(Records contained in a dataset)
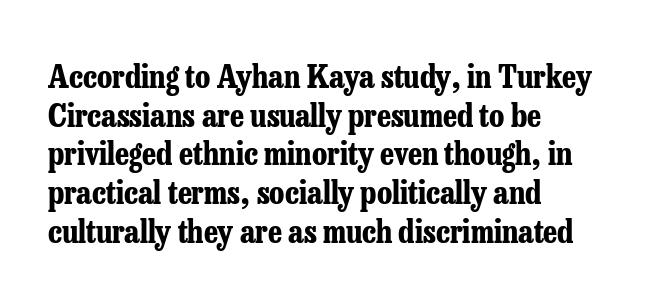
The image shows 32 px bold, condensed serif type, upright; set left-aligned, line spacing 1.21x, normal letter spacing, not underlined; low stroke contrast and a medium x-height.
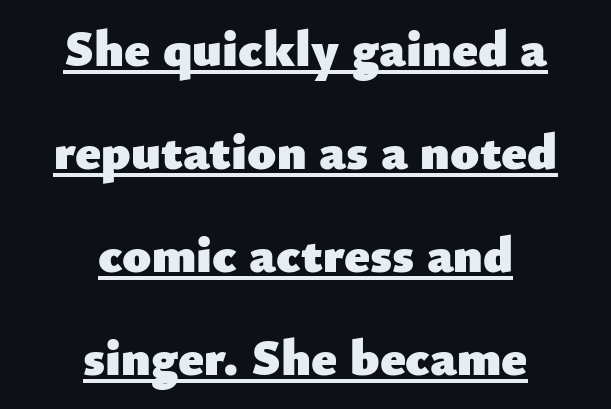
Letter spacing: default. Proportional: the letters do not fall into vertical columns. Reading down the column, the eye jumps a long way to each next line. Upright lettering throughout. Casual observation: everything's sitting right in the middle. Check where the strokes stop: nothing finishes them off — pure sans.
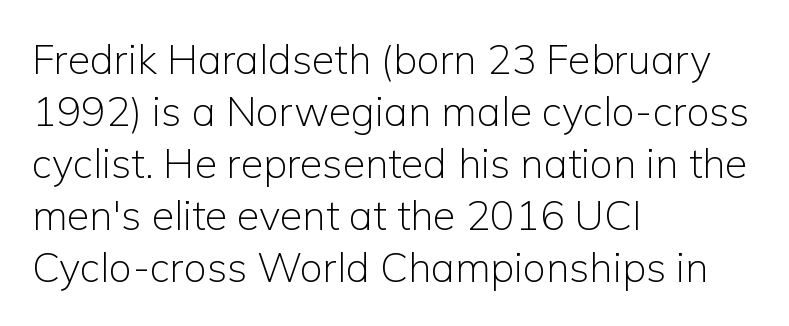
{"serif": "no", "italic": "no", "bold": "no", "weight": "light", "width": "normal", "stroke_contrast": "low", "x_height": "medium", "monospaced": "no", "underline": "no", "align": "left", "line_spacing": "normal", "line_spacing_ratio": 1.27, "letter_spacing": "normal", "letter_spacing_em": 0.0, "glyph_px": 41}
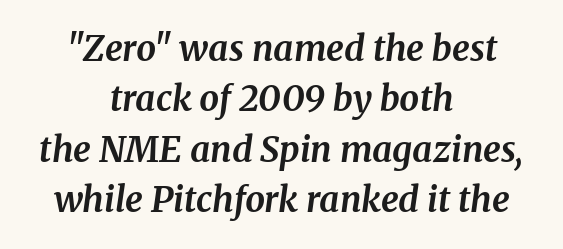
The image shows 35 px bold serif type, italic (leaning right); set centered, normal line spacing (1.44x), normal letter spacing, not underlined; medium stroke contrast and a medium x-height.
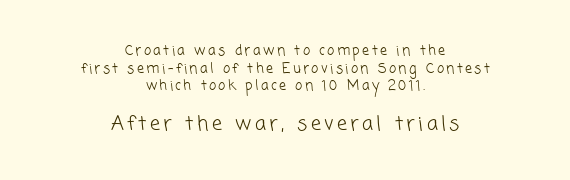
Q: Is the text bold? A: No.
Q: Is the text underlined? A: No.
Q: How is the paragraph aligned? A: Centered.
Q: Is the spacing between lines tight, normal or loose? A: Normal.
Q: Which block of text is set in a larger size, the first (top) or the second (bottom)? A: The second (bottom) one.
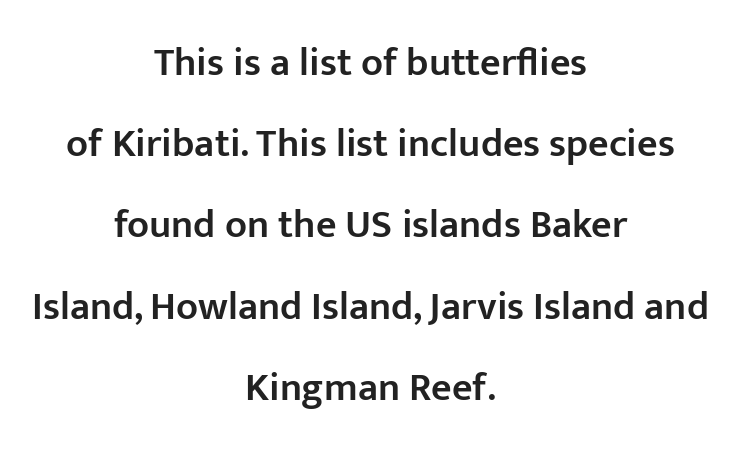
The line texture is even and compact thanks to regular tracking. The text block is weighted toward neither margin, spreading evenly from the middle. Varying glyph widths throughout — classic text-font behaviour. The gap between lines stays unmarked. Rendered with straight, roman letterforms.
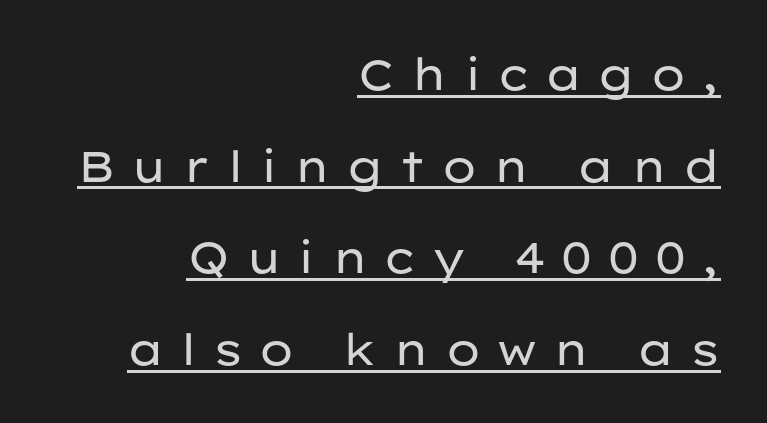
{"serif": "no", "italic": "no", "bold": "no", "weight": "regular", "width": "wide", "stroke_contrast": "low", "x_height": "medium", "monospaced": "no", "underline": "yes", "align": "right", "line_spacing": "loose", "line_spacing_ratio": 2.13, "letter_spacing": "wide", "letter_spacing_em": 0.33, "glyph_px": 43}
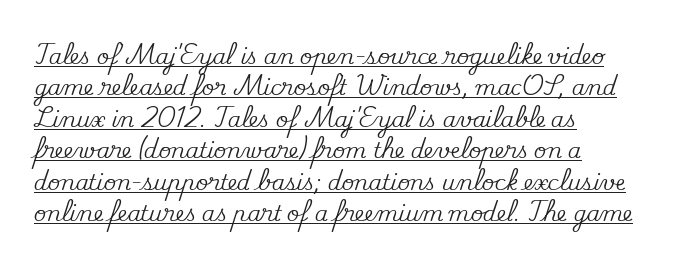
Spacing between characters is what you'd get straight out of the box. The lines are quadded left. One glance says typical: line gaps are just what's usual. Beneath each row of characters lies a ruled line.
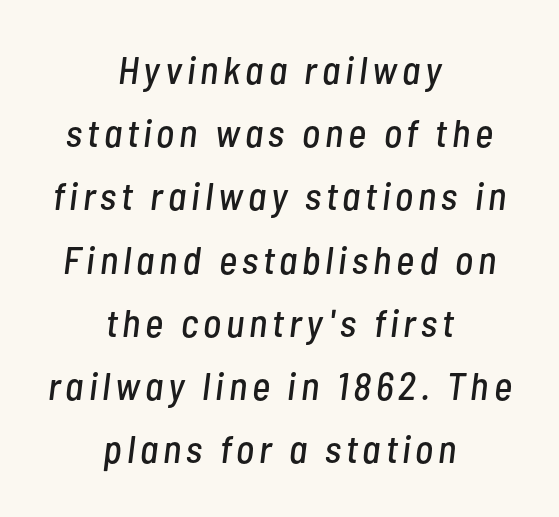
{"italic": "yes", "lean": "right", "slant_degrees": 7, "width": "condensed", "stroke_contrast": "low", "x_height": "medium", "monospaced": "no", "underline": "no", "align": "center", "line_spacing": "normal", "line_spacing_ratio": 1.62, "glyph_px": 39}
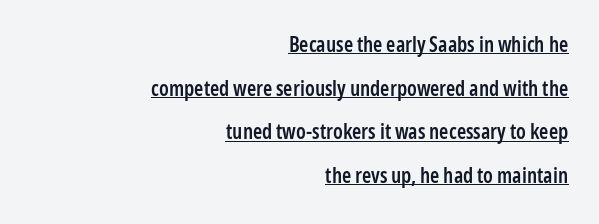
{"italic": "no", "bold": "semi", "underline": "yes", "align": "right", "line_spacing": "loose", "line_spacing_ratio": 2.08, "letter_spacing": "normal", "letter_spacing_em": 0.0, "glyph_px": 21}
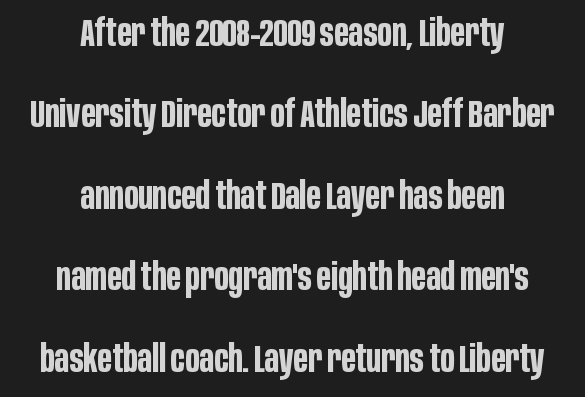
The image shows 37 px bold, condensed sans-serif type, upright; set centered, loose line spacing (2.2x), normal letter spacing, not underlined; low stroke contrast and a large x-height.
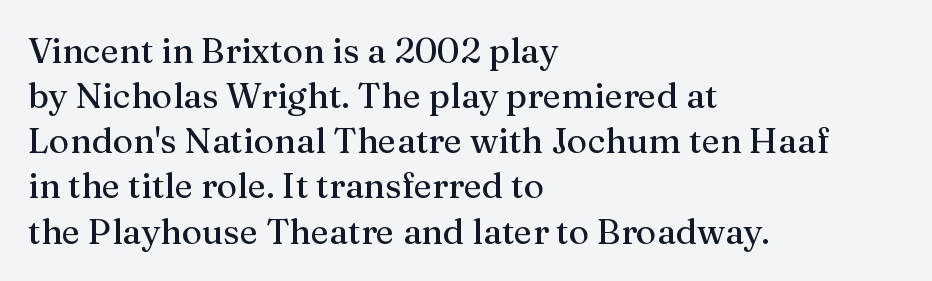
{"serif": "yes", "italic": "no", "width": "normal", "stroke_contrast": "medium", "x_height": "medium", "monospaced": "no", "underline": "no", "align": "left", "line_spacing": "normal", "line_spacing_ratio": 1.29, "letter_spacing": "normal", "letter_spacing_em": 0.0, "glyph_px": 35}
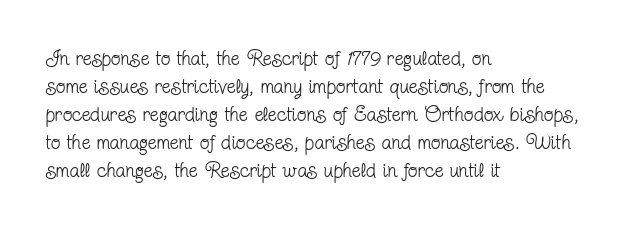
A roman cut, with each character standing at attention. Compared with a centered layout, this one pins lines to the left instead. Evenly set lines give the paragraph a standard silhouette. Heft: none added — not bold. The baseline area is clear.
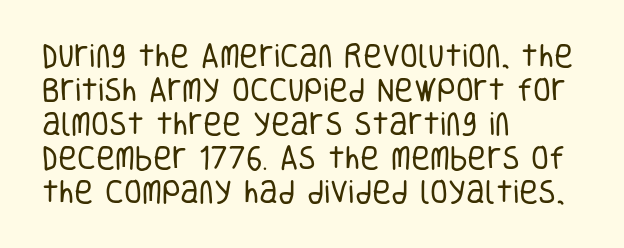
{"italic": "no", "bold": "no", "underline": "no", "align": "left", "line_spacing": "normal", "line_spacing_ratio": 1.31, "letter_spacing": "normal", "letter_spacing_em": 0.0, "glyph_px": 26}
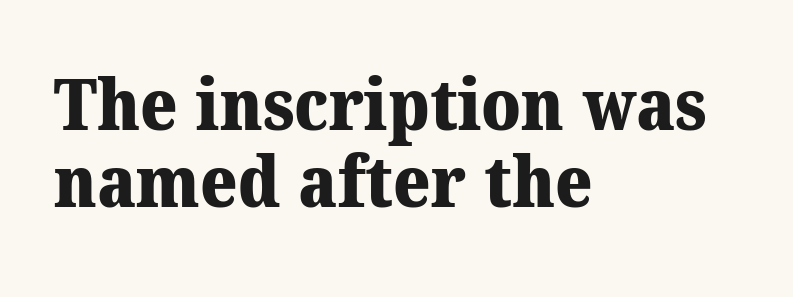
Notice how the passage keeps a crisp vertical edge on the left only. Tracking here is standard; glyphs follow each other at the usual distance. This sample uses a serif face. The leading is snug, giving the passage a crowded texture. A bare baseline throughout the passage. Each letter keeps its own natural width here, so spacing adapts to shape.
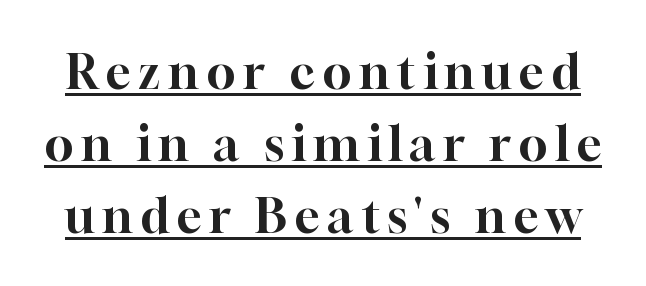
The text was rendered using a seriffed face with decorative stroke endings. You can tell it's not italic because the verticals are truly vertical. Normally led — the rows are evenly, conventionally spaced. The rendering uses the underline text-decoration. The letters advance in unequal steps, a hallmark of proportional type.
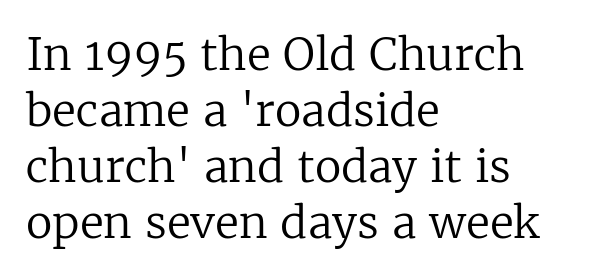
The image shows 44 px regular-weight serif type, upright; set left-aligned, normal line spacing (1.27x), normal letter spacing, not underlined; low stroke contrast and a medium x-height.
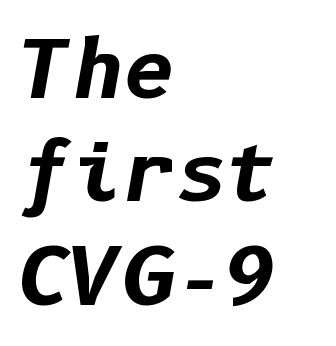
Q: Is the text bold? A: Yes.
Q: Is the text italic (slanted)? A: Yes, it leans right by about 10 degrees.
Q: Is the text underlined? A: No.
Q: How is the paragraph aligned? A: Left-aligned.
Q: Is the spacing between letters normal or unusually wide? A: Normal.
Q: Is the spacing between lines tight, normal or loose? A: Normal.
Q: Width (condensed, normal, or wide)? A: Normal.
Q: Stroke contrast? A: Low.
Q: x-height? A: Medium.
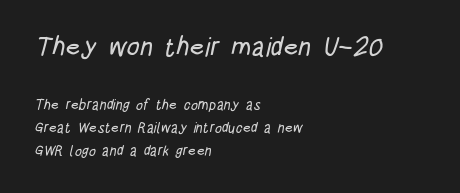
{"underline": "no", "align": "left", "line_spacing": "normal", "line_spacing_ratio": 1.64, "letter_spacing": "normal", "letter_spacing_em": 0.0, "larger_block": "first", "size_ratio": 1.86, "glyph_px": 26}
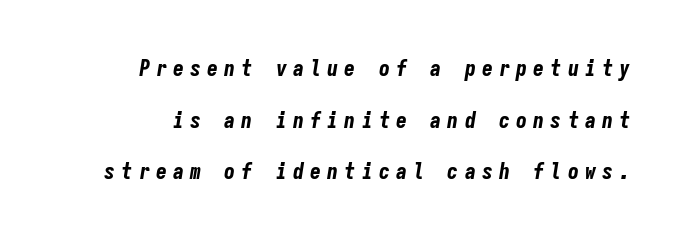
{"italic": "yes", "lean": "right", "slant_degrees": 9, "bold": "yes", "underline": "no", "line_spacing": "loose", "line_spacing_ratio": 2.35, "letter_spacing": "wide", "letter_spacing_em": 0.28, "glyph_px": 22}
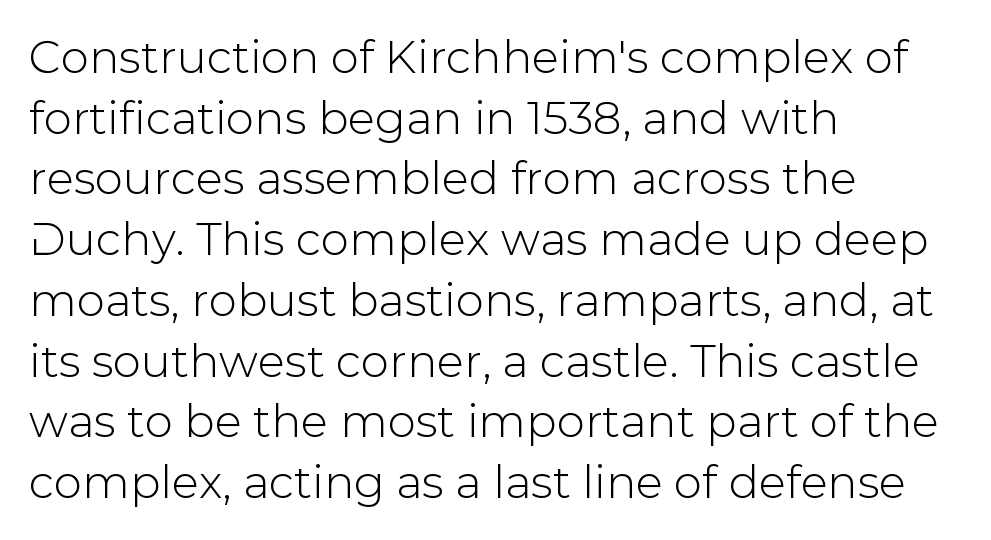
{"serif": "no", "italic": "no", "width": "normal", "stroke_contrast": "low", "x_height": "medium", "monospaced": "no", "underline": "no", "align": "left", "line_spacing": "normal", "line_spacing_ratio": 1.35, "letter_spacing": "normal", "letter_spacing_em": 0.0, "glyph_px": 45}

**Aim of the exercise**
Set the records down again exactly as given, and leave the pictures out.

**Written answer**
The image shows 32 px bold, condensed serif type, upright; set left-aligned, line spacing 1.21x, normal letter spacing, not underlined; low stroke contrast and a medium x-height.
Letter spacing: default. Proportional: the letters do not fall into vertical columns. Reading down the column, the eye jumps a long way to each next line. Upright lettering throughout. Casual observation: everything's sitting right in the middle. Check where the strokes stop: nothing finishes them off — pure sans.
{"serif": "no", "italic": "no", "bold": "no", "weight": "light", "width": "normal", "stroke_contrast": "low", "x_height": "medium", "monospaced": "no", "underline": "no", "align": "left", "line_spacing": "normal", "line_spacing_ratio": 1.27, "letter_spacing": "normal", "letter_spacing_em": 0.0, "glyph_px": 41}
The image shows 35 px bold serif type, italic (leaning right); set centered, normal line spacing (1.44x), normal letter spacing, not underlined; medium stroke contrast and a medium x-height.
Q: Is the text bold? A: No.
Q: Is the text underlined? A: No.
Q: How is the paragraph aligned? A: Centered.
Q: Is the spacing between lines tight, normal or loose? A: Normal.
Q: Which block of text is set in a larger size, the first (top) or the second (bottom)? A: The second (bottom) one.
The line texture is even and compact thanks to regular tracking. The text block is weighted toward neither margin, spreading evenly from the middle. Varying glyph widths throughout — classic text-font behaviour. The gap between lines stays unmarked. Rendered with straight, roman letterforms.
{"serif": "no", "italic": "no", "bold": "no", "weight": "regular", "width": "wide", "stroke_contrast": "low", "x_height": "medium", "monospaced": "no", "underline": "yes", "align": "right", "line_spacing": "loose", "line_spacing_ratio": 2.13, "letter_spacing": "wide", "letter_spacing_em": 0.33, "glyph_px": 43}
Spacing between characters is what you'd get straight out of the box. The lines are quadded left. One glance says typical: line gaps are just what's usual. Beneath each row of characters lies a ruled line.
{"italic": "yes", "lean": "right", "slant_degrees": 7, "width": "condensed", "stroke_contrast": "low", "x_height": "medium", "monospaced": "no", "underline": "no", "align": "center", "line_spacing": "normal", "line_spacing_ratio": 1.62, "glyph_px": 39}
{"italic": "no", "bold": "semi", "underline": "yes", "align": "right", "line_spacing": "loose", "line_spacing_ratio": 2.08, "letter_spacing": "normal", "letter_spacing_em": 0.0, "glyph_px": 21}
The image shows 37 px bold, condensed sans-serif type, upright; set centered, loose line spacing (2.2x), normal letter spacing, not underlined; low stroke contrast and a large x-height.
{"serif": "yes", "italic": "no", "width": "normal", "stroke_contrast": "medium", "x_height": "medium", "monospaced": "no", "underline": "no", "align": "left", "line_spacing": "normal", "line_spacing_ratio": 1.29, "letter_spacing": "normal", "letter_spacing_em": 0.0, "glyph_px": 35}
A roman cut, with each character standing at attention. Compared with a centered layout, this one pins lines to the left instead. Evenly set lines give the paragraph a standard silhouette. Heft: none added — not bold. The baseline area is clear.
{"italic": "no", "bold": "no", "underline": "no", "align": "left", "line_spacing": "normal", "line_spacing_ratio": 1.31, "letter_spacing": "normal", "letter_spacing_em": 0.0, "glyph_px": 26}
Notice how the passage keeps a crisp vertical edge on the left only. Tracking here is standard; glyphs follow each other at the usual distance. This sample uses a serif face. The leading is snug, giving the passage a crowded texture. A bare baseline throughout the passage. Each letter keeps its own natural width here, so spacing adapts to shape.
The text was rendered using a seriffed face with decorative stroke endings. You can tell it's not italic because the verticals are truly vertical. Normally led — the rows are evenly, conventionally spaced. The rendering uses the underline text-decoration. The letters advance in unequal steps, a hallmark of proportional type.
The image shows 44 px regular-weight serif type, upright; set left-aligned, normal line spacing (1.27x), normal letter spacing, not underlined; low stroke contrast and a medium x-height.
Q: Is the text bold? A: Yes.
Q: Is the text italic (slanted)? A: Yes, it leans right by about 10 degrees.
Q: Is the text underlined? A: No.
Q: How is the paragraph aligned? A: Left-aligned.
Q: Is the spacing between letters normal or unusually wide? A: Normal.
Q: Is the spacing between lines tight, normal or loose? A: Normal.
Q: Width (condensed, normal, or wide)? A: Normal.
Q: Stroke contrast? A: Low.
Q: x-height? A: Medium.
{"underline": "no", "align": "left", "line_spacing": "normal", "line_spacing_ratio": 1.64, "letter_spacing": "normal", "letter_spacing_em": 0.0, "larger_block": "first", "size_ratio": 1.86, "glyph_px": 26}
{"italic": "yes", "lean": "right", "slant_degrees": 9, "bold": "yes", "underline": "no", "line_spacing": "loose", "line_spacing_ratio": 2.35, "letter_spacing": "wide", "letter_spacing_em": 0.28, "glyph_px": 22}
{"serif": "no", "italic": "no", "width": "normal", "stroke_contrast": "low", "x_height": "medium", "monospaced": "no", "underline": "no", "align": "left", "line_spacing": "normal", "line_spacing_ratio": 1.35, "letter_spacing": "normal", "letter_spacing_em": 0.0, "glyph_px": 45}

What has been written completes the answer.